近年、サイトデザインではよくグラデーションの効果が用いられています。
いわゆる立体感や質感の要素を表現できるグラデーションは、フラットデザインの台頭で廃れていた時期もありました。
しかしフラットデザインと組み合わせることで、単色では表現できない多彩な色表現を出すことができる点などが再評価され、現在ではトレンドの表現として多くのウェブサイトで採用されています。
グラデーションはDTPの世界でもよく使われてきたデザイン表現です。
古くからのポスターや雑誌などでも多用されていて、なじみ深いものでもありますよね。
しかしその分、色の選択や使い方によっては、逆に古い雰囲気になってしまうことも…。
かっこいいグラデーション表現に憧れはあるものの、どう使えば効果的にサイトをブラッシュアップさせる要素として
取り入れることができるのか。
グラデーションが生み出す効果や、使用時の注意点について考えてみました。
そもそもグラデーションとは
グラデーションは、2色以上の色を使ったカラー表現です。単色と違って様々なカラーパターンの表現が可能になります。

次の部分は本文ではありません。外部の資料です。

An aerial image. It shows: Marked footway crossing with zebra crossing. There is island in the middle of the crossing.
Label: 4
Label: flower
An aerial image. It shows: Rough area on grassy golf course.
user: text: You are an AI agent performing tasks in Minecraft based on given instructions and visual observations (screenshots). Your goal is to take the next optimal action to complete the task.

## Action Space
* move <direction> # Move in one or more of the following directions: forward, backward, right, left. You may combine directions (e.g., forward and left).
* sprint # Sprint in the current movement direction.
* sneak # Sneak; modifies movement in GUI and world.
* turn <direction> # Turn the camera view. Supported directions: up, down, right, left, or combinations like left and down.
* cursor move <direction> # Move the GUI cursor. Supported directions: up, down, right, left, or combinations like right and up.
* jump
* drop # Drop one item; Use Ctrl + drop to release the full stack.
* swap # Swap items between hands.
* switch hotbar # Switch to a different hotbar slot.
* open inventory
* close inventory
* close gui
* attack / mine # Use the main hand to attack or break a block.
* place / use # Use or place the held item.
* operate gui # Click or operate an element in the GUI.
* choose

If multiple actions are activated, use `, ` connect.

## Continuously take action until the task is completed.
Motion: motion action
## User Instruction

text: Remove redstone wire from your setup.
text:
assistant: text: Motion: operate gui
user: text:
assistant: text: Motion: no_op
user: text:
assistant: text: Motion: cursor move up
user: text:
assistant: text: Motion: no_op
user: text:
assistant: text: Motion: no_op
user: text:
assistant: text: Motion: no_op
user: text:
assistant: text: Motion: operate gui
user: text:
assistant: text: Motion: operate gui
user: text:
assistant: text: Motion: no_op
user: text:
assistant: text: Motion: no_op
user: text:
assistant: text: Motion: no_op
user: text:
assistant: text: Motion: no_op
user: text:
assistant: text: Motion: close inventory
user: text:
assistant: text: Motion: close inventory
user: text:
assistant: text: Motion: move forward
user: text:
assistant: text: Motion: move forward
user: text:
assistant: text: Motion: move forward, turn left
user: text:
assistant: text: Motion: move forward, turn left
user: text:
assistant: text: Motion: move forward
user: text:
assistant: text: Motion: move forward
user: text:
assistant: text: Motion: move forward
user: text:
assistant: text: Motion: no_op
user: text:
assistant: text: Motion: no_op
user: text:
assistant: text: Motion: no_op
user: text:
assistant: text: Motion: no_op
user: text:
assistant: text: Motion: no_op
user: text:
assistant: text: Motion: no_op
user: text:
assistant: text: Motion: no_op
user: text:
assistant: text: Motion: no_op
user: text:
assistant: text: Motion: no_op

色の組み合わせによって明るい部分と暗い部分を作理、光と影といった自然な立体感も表現できます。
現実世界では、単色だけで構成されているものはありません。すべてのものには光と陰による陰影表現がかかっています。
その為webサイトや紙といった平面状のコンテンツの要素にグラデーションを用いることで、画面にリズムや動きが生まれ、閲覧者によりナチュラルな印象を与えることが可能になります。
グラデーションが生み出す効果
・単色では表現できない多彩な色表現
複数の色を使ってのカラフルなビジュアル作成が可能という点は、グラデーションならではの強みです。
背景に濃いカラーを使用する場合、単色だと色の印象が少し重く感じ、ストレスに感じることがあります。

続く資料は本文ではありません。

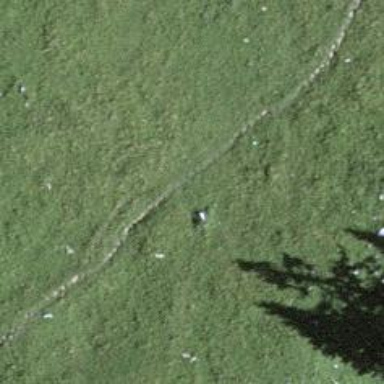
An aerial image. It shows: Path.
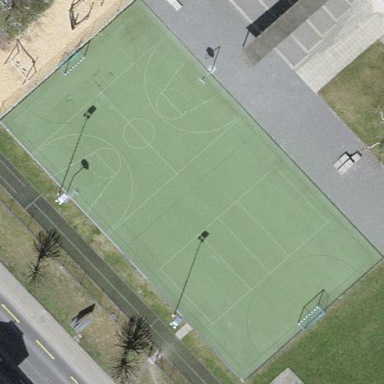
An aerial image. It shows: Pitch for leisure activities.
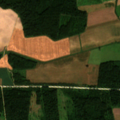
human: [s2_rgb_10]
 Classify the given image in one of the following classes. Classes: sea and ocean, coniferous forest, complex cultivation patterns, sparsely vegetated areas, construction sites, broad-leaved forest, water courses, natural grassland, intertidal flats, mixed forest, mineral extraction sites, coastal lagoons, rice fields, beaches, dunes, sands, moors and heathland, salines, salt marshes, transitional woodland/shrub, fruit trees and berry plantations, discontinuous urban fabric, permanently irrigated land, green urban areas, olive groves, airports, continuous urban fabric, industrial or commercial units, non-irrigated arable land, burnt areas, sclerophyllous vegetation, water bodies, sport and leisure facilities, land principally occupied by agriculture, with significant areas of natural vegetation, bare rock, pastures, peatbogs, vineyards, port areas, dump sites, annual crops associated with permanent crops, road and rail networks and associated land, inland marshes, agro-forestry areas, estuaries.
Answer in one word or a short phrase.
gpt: non-irrigated arable land, complex cultivation patterns, coniferous forest, mixed forest, transitional woodland/shrub
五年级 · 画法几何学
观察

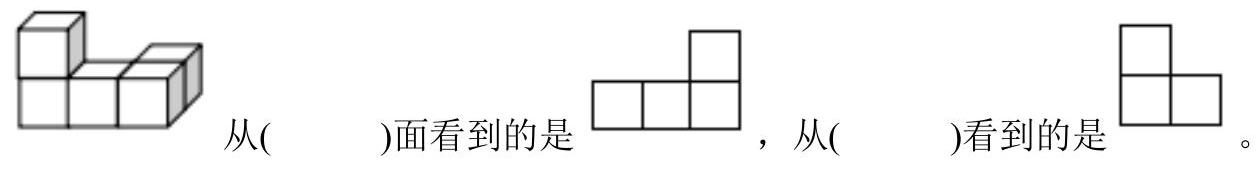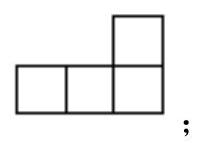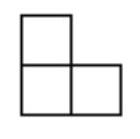
答案: 解上 右

【分析】观察从不同方向看到的小正方形个数与排列方式进行解答即可。

【详解】从上面看上层最右边有 1 个小正方形, 下层有 3 个小正方形, 即从上面看是:

从右面看, 上层最左边有 1 个小正方形, 下层有 2 个小正方形, 即从右面看是:

【点睛】本题考查物体的三视图, 解答本题的关键是掌握物体三视图的画法。
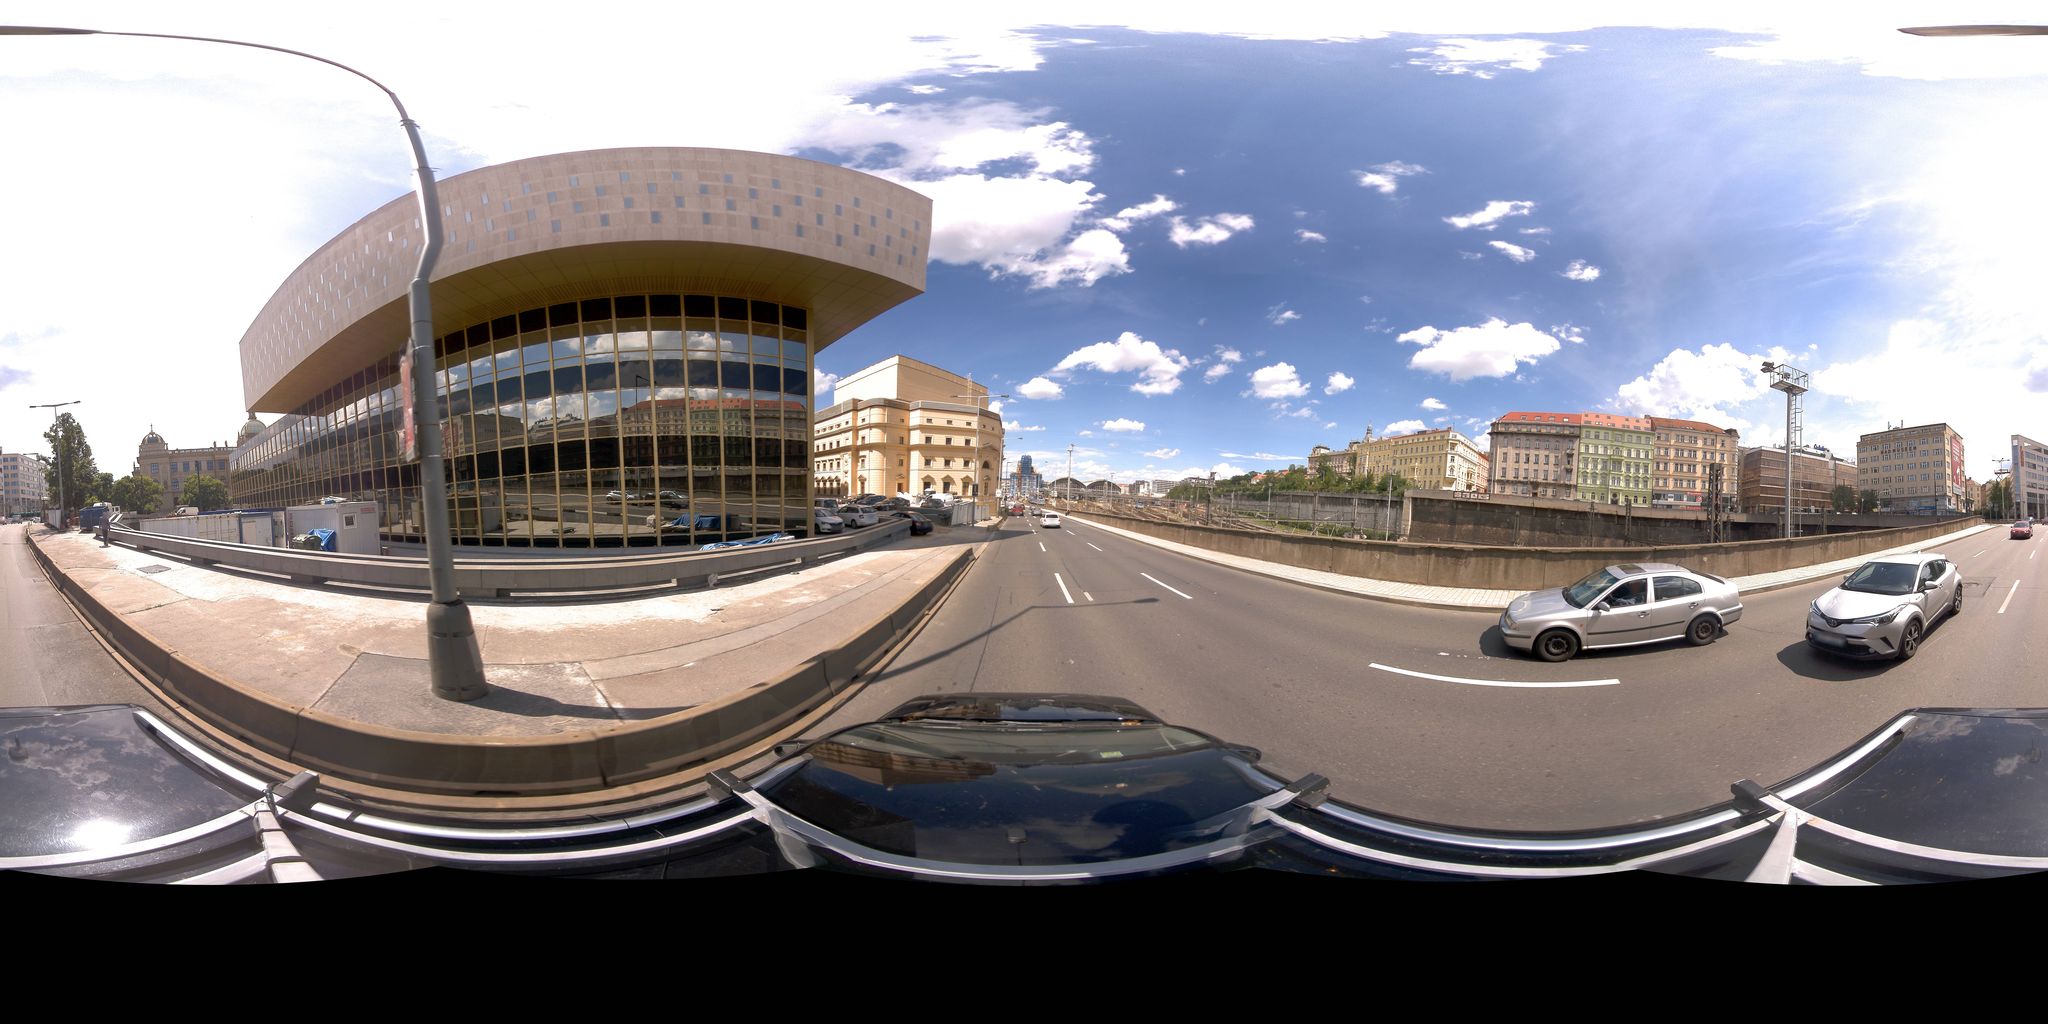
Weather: clear
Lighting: day
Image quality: good
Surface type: cycling surface
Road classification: primary
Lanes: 3
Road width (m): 2.0
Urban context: urban centre
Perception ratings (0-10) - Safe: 1.59, Lively: 4.62, Beautiful: 4.23, Boring: 1.65, Depressing: 2.03, Wealthy: 3.12

そこにグラデーションを採用することで、なだらかな色の表現を実現させ透明感や立体感を醸し出すことができます。
・オリジナリティの強化
ブランディングにおいて、企業のブランドカラーはサイトをデザインする上で貴重のカラーとして採用されることも多くありません。しかし単色表現では競合他社と色がかぶることも想定され、他社と区別するオリジナル表現を作りにくいという問題点が発生する場合があります。そこへグラデーションを使用することで透明感や色のバリエーションが生まれ、オリジナリティを感じさせる表現が可能になります。そういった色の意味を補強できる点が単色と比べたグラデーションの大きな強みの一つです。
・人の視覚に訴えかける立体感を利用した独特の表現
現実の物質は完全に単色という事はなく、光の影響で様々に色が変わります。その為、単色のみで塗られた色は人の目に不自然な印象を与えることがあります。しかしグラデーションのぼかし表現や数色を組み合わせて作る色彩表現が、平面空間に陰影を与え程よい立体感を生み出します。
グラデーションを使う上での注意点
・補色ではなく同系色、近似色を使うこと。
捕色や彩度や明度を落としたグラデーションは、うまく使わないといわゆる”ダサい”デザインになりがち。

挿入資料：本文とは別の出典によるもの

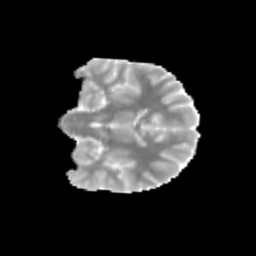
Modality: MD
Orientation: coronal
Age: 13
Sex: male
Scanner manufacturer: siemens
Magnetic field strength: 3 T
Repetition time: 3.8 s
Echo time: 0.07 s
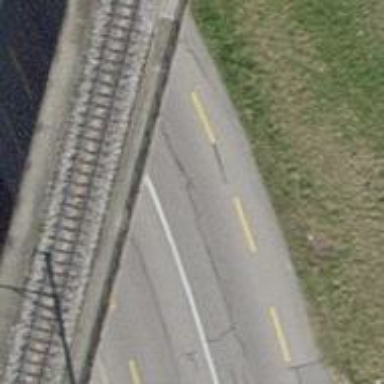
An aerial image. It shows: Tertiary road with asphalt surface. There is lane for cyclists on both sides of the road.
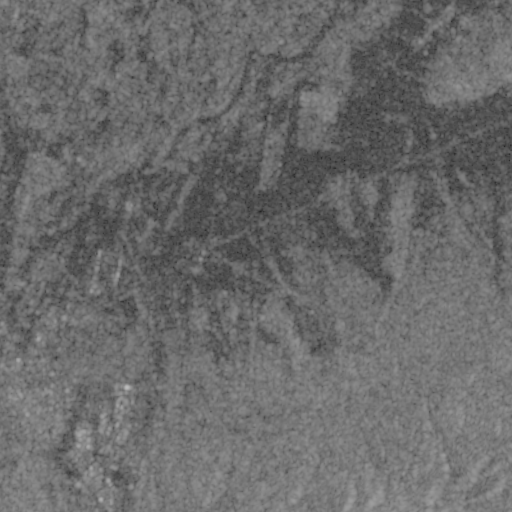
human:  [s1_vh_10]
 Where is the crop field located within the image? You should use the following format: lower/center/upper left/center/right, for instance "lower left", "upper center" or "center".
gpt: The crop field is located in the center left of the image.
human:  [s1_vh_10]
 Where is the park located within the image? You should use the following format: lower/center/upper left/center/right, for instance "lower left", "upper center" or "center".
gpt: The park is located in the lower left of the image.
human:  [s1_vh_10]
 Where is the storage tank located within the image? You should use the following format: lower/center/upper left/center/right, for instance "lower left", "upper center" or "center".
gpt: The storage tank is located in the upper right of the image.
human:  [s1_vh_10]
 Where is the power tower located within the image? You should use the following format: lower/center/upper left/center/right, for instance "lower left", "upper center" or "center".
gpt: There is no power tower in the image.

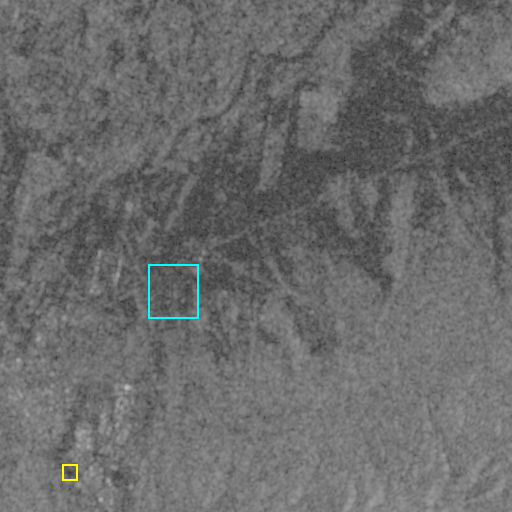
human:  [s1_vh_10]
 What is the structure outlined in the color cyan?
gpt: The structure outlined in cyan is a crop field.
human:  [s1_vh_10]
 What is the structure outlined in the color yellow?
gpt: The structure outlined in yellow is a park.
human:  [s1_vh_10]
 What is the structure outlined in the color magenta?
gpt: There is no magenta outline.

調和していない色というのは、どうしても視覚に不自然な感覚を生み出してしまいます。
隣接色を使う、色相を変えない等自然に見える色の表現を心がけると、綺麗なグラデーションを作成できます。
・多用しない
大きく目を引く分、多用すると視線を分散させてしまい、せっかくのグラデーションの視線誘導効果が
台無しになってしまいます。使用する理由を明確にして、必要な要所要所で目的を持って使っていく必要があります。
・光源や光量を考慮して使う
視覚が立体感を感じるには適切な光源・光量による違和感のない描写表現が重要です。光の向きがバラバラだったり異様に影が濃いといった現実では見られないパターンで陰影をつけてしまうと、不自然に見え、立体感のないただ色を組み合わせただけの平面表現になってしまいます。
まとめると、
- グラデーションを使うことで、色の幅を広げたり、立体感を持った表現が可能になる。
- グラデーションを使う場合、多用はせず必要なポイントごとを見極め効果的に使用する。
- 同系色や近似色を使用し、自然な色合いになるよう心がける。
- 立体感の演出を目的とする場合は、不自然にならないよう光源や光量を考慮して使用する。
上記の内容を意識して、グラデーションを表現の強い味方として取り入れていきたいですね。